Saturday, January 28, 2012

Unsafe Engineering - Use of NPT Ports in Critical Aircraft Systems

Axial Crack in NPT Port - Aircraft Fuel Pump

"Extreme care shall be taken when tightening pipe fittings. Overtightening causes distortion, cracking, and leaks." Dept. of Army TM-1-1500-204-23-2 Technical Manual, Aviation Maintenance

NPT Advantages:
  • Cheap
NPT Disadvantages:
  • Cracked Ports
  • Leaking Connections
  • Not Suitable for Make-and-Break Applications
  • System contamination due to requirement to use "pipe dope"
  • Inadequate or incorrect tightening process in maintenance manuals
  • Difficult to specify a tightening process (operator feel is sometimes required, especially on make-and-break connections that have seen multiple assemblies).
  • FAA's improper insistence on using a torque value for tightening rather than the design method included in the NPT specification.
I'll throw another one into the pile - poor quality threads. Even in the AN series of fittings the threads quality varies to the point that many will not pass inspection.

The responsibility for NPT connection failure should rest on the shoulders of engineering for specifying such an inferior system rather than the mechanic trying to make it work. "Lipstick on a Pig" When a NPT failure occurs on a critical aircraft system, the first question that should be asked is why was NPT specified?

Pipe Dope Contamination of Aircraft Fuel System

 The real problem goes back to engineering, best stated by the United Kingdom Air Accidents Investigative Branch: "The use of any kind of jointing compound at any fuel line connection is fundementally unwise." SAFETY RECOMMENDATION - 2004-010 

Pipe Tape Contamination of Aircraft Instrument System

NPT Spiral Leak Path
Leakage path through threads shown at red points. No matter how tight you make NPT threads, a leakage path still exists. It is the function of the jointing compound  to block the path between the crest of the male and female thread.

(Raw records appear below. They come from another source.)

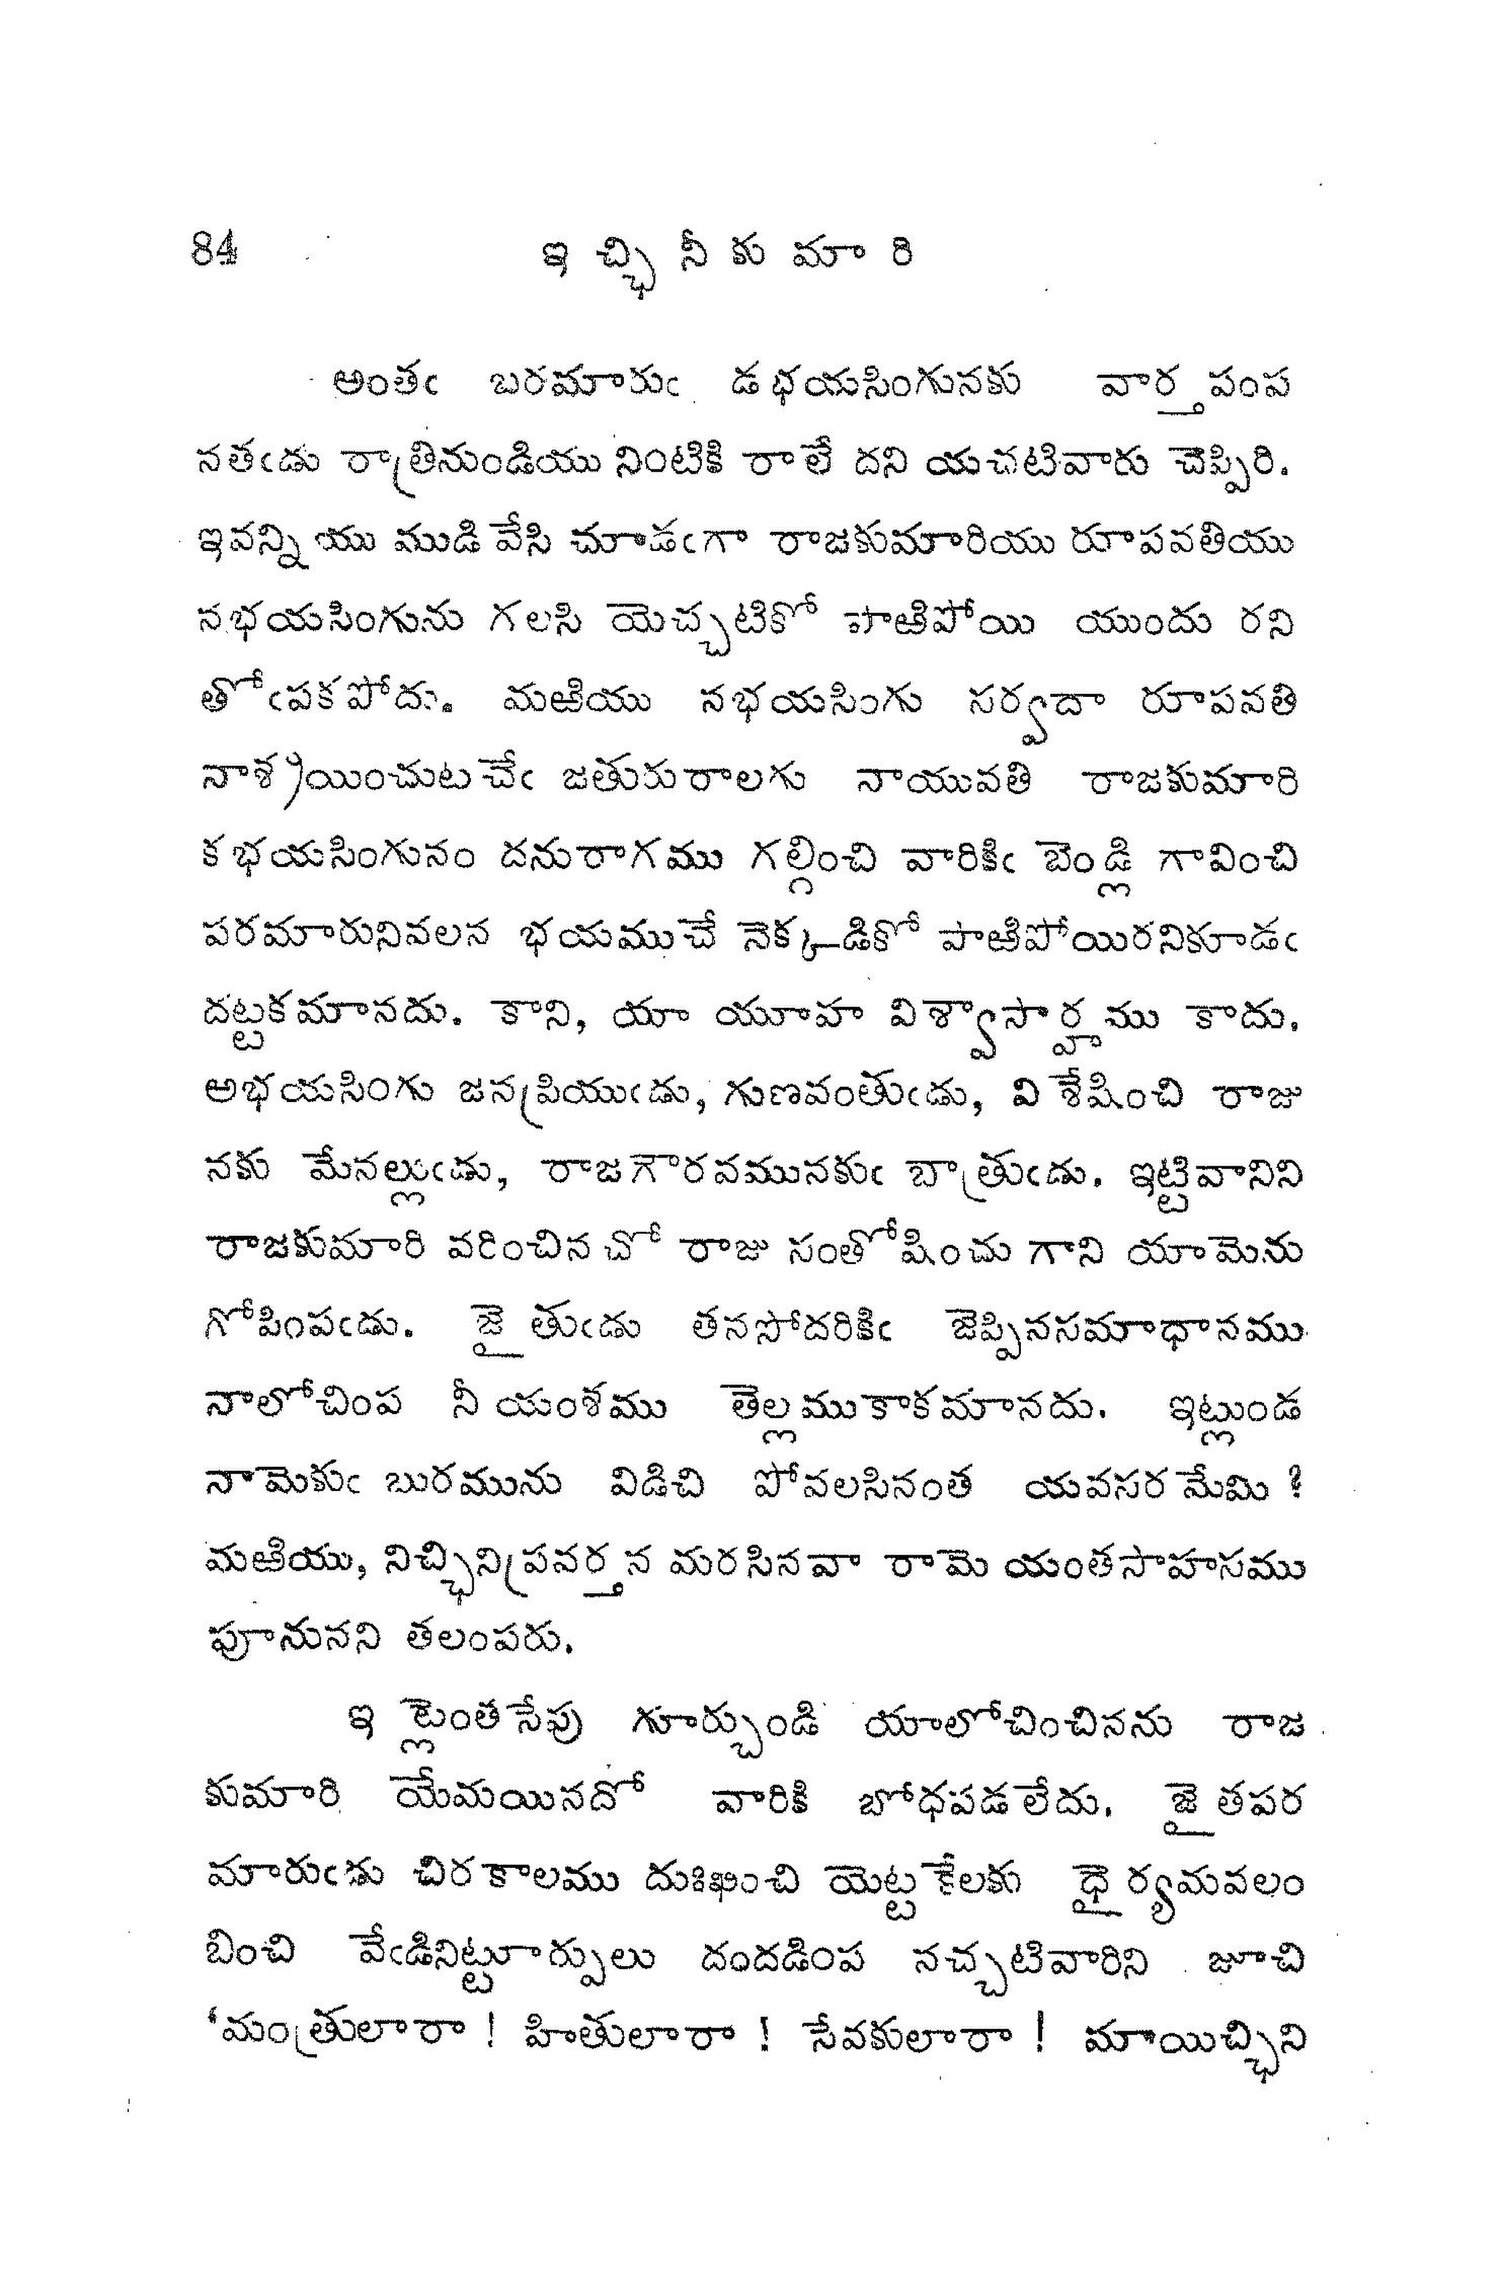గావించి అంతఁ బరమారుఁ డభయసింగునకు వార పంప నతఁడు రాత్రినుండియు నింటికి రాలేదని యచటివారు చెప్పిరి. ఇవన్నియు ముడి వేసి చూడఁగా రాజకుమారియు రూపవతియు నభయసింగును గలసి యెచ్చటికో పాఱిపోయి యుందురని తో పక పోదు. మఱియు నభయసింగు సర్వదా రూపనతి నాశ్రయించుటచేఁ జతురు రాలగు నాయువతి రాజకుమారి కభయసింగునం దనురాగము గల్గించి వారికిఁ బెండ్లి పరమారునివలన భయముచే నెక్కడికో పాఱిపోయిరనికూడఁ దట్టక మానదు. కాని, యా యూహ విశ్వాసార్హము కాదు, అభయసింగు జనప్రియుఁడు, గుణవంతుఁడు, వి శేషించి రాజు నకు మేనల్లుఁడు, రాజ గౌరవమునకుఁ బాత్రుఁడు. ఇట్టివానిని రాజకుమారి వరించిన చో రాజు సంతోషించు గాని యామెను గోపింపఁడు. జై తుఁడు తనసోదరికిఁ జెప్పిన సమాధానము నాలోచింప నీయంశము తెల్లము కాక మానదు. ఇట్లుండ నామెకుఁ బురమును విడిచి పోవలసినంత యవసర మేమి? మఱియు, నిచ్ఛిని ప్రవర్తన మరసిన వా రామె యంత సాహసము పూనునని తలంపరు.

ఇట్లెంత సేపు గూర్చుండి యాలోచించినను రాజ కుమారి యేమయినదో వారికి బోధపడ లేదు. జై తపరమారుఁడు చిరకాలము దుఃఖించి యెట్ట కేలకు ధైర్యమవలం బించి వేఁడినిట్టూర్పులు దందడింప నచ్చటి వారిని 'మంత్రులారా ! హితులారా ! సేవకులారా ! మాయిచ్చిని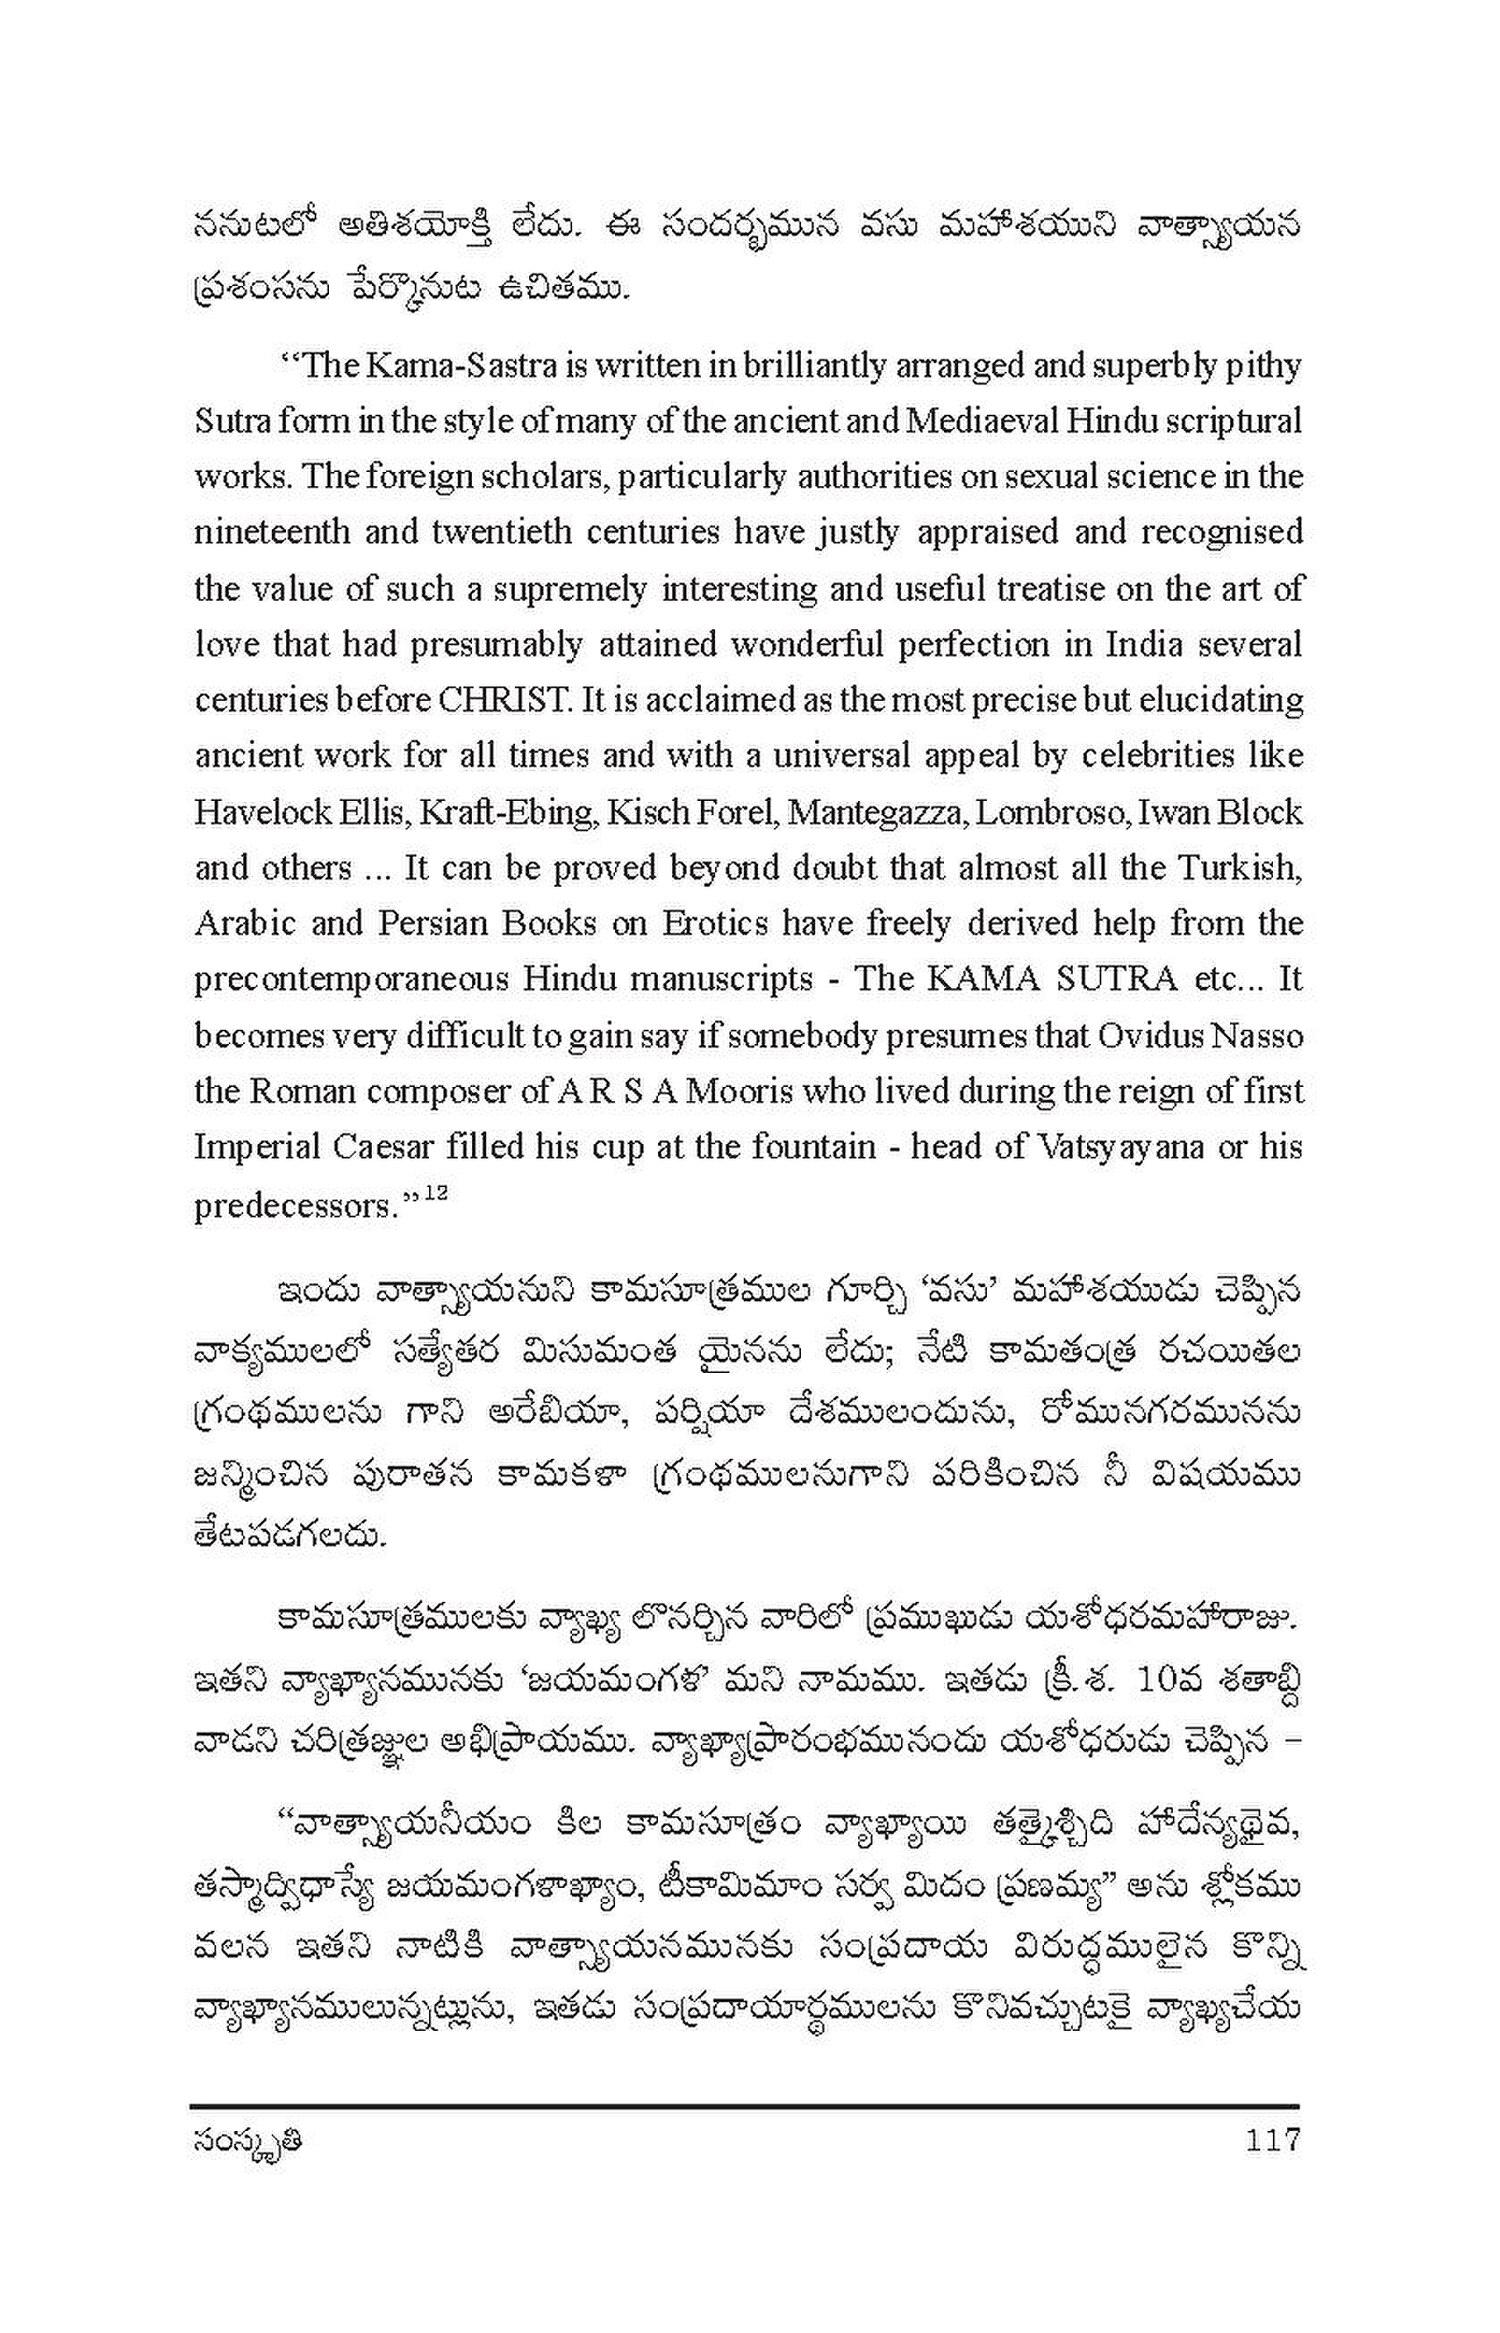ననుటలో అతిశయోక్తి లేదు. ఈ సందర్భమున వసు మహాశయుని వాత్స్యాయన
ప్రశంసను పేర్కొనుట ఉచితము.

“The Kama-Sastra is written in brilliantly arranged and superbly pithy Sutra form in the style of many of the ancient and Mediaeval Hindu scriptural works. The foreign scholars, particularly authorities on sexual science in the nineteenth and twentieth centuries have justly appraised and recognised the value of such a supremely interesting and useful treatise on the art of
love that had presumably attained wonderful perfection in India several centuries before CHRIST. It is acclaimed as the most precise but elucidating ancient work for all times and with a universal appeal by celebrities like Havelock Ellis, Kraft-Ebing, Kisch Forel, Mantegazza, Lombroso, Iwan Block and others ... It can be proved beyond doubt that almost all the Turkish, Arabic and Persian Books on Erotics have freely derived help from the precontemporaneous Hindu manuscripts-The KAMA SUTRA etc... It becomes very difficult to gain say if somebody presumes that Ovidus Nasso the Roman composer of A R S A Mooris who lived during the reign of first Imperial Caesar filled his cup at the fountain - head of Vatsyayana or his
predecessors."

ఇందు వాత్స్యాయనుని కామసూత్రములు గూర్చి 'వసు' మహాశయుడు చెప్పిన
వాక్యములలో సత్యేతర మిసుమంత యైనను లేదు; నేటి కామతంత్ర రచయితల
గ్రంథములను గాని అరేబియా, పర్షియా దేశములందును, రోమునగరమునను
జన్మించిన పురాతన కామకళా గ్రంథములనుగాని పరికించిన నీ విషయము
తేటపడగలదు.

కామసూత్రములకు వ్యాఖ్య లొనర్చిన వారిలో ప్రముఖుడు యశోధరమహారాజు.
ఇతని వ్యాఖ్యానమునకు 'జయమంగళ' మని నామము. ఇతడు క్రీ.శ. 10వ శతాబ్ది వాడని చరిత్రజ్ఞుల అభిప్రాయము. వ్యాఖ్యాప్రారంభమునందు యశోధరుడు చెప్పిన -

“వాత్స్యాయనీయం కిల కామసూత్రం వ్యాఖ్యాయి తత్కైశ్చిది హాదేన్యథైవ,
తస్మాద్విధాస్యే జయమంగళాఖ్యాం, టీకామిమాం సర్వ మిదం ప్రణమ్య" అను శ్లోకము వలన ఇతని నాటికి వాత్స్యాయనమునకు సంప్రదాయ విరుద్ధములైన కొన్ని
వ్యాఖ్యానములున్నట్లును, ఇతడు సంప్రదాయార్థములను కొనివచ్చుటకై వ్యాఖ్యచేయ

The use of NPT on thin walled ports is particularly evil as the risk of failure rises:
1. Thin wall ports are weaker and are easier to crack.
2. Thin wall ports strain more (expand from tightening) than thicker walled ports. This expansion reduces the amount of tightening torque required. Weaker port + less tightening force felt = higher risk of failure

At least the engineer can specify NPTF for better safety (quality control) -- but this is seldom done! Better yet is a straight threaded port.